Brief.
Your reply should hold every record exactly as given, with no pictures in it.

[Records from a data source]
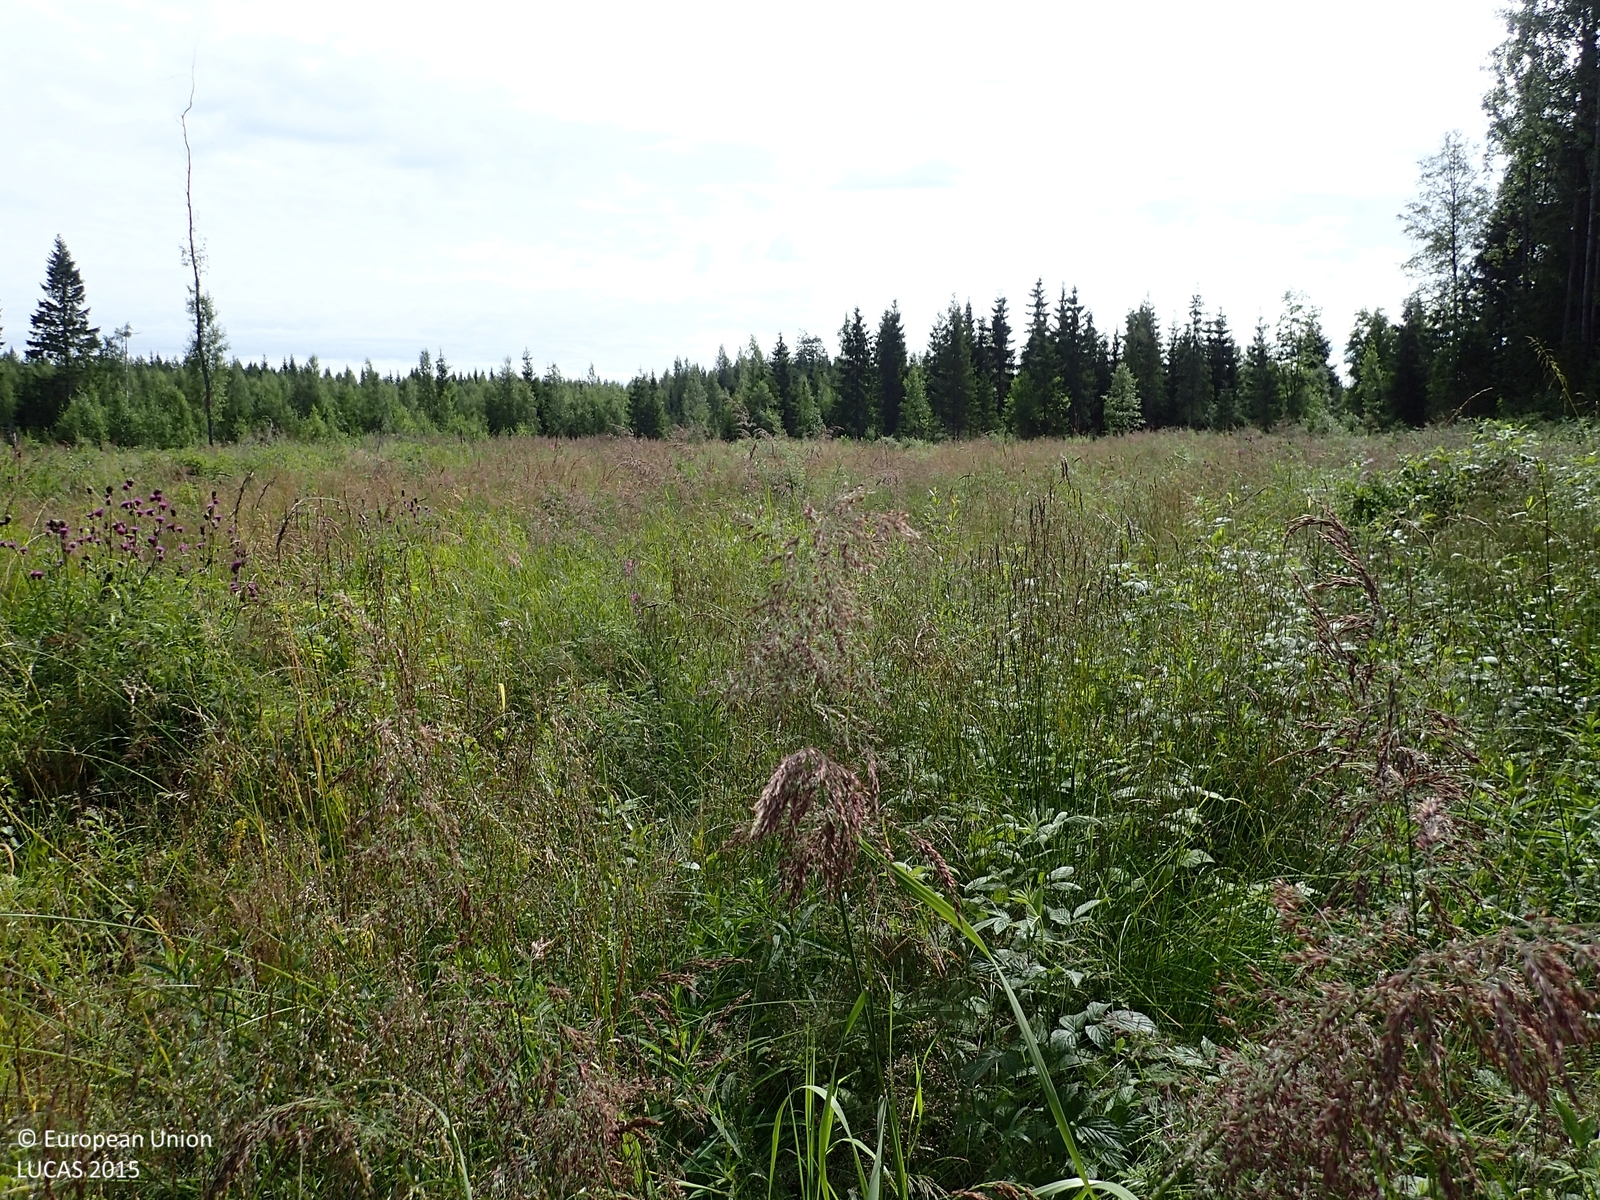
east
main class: Grassland
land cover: Grassland with sparse tree/shrub cover
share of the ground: > 75 %
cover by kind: herbaceous plants 95 %, broadleaved forest trees 5 %
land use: Forestry
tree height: < 5 m
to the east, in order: Grassland with sparse tree/shrub cover; Broadleaved woodland; Ditches and canals; Broadleaved woodland; Ditches and canals; Spruce dominated mixed woodland; Ditches and canals; Spruce dominated mixed woodland
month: July
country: FI
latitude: 62.9341
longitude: 22.6819
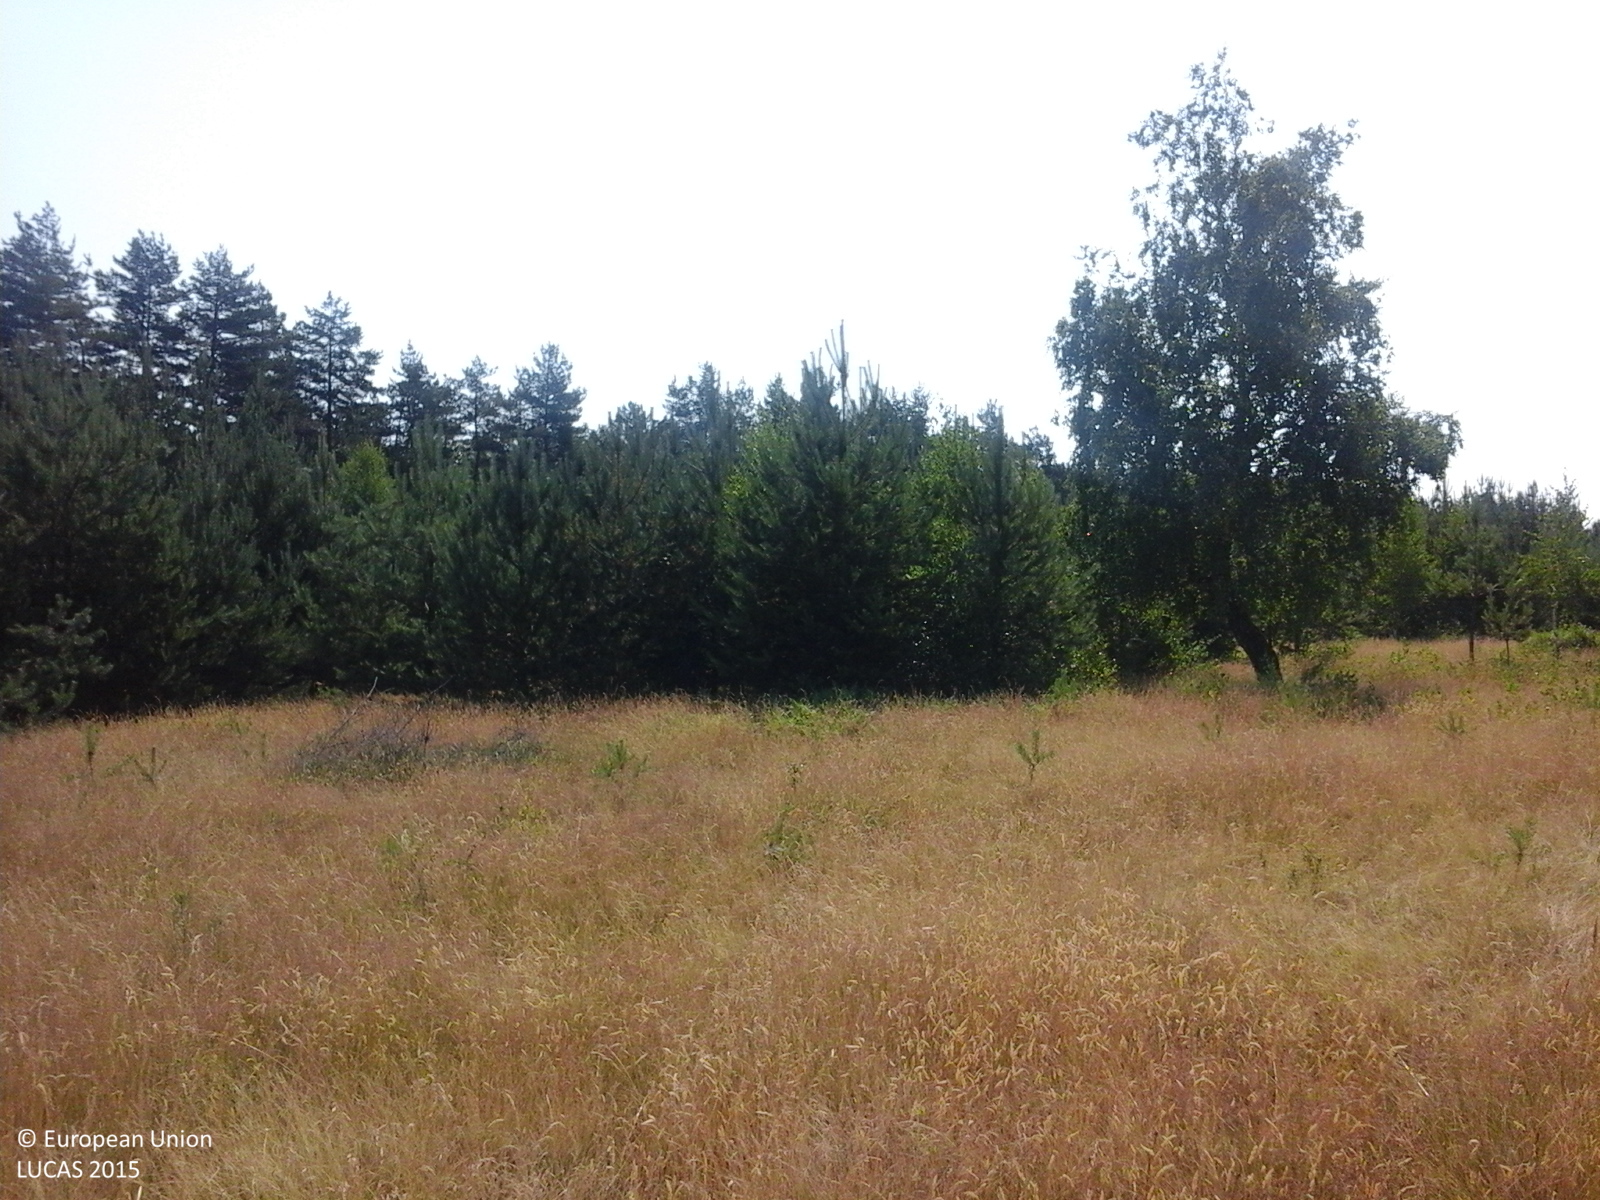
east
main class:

Solved exercise.
east
main class: Grassland
land cover: Grassland with sparse tree/shrub cover
share of the ground: > 75 %
cover by kind: herbaceous plants 95 %, broadleaved forest trees 5 %
land use: Forestry
tree height: < 5 m
to the east, in order: Grassland with sparse tree/shrub cover; Broadleaved woodland; Ditches and canals; Broadleaved woodland; Ditches and canals; Spruce dominated mixed woodland; Ditches and canals; Spruce dominated mixed woodland
month: July
country: FI
latitude: 62.9341
longitude: 22.6819
east
main class:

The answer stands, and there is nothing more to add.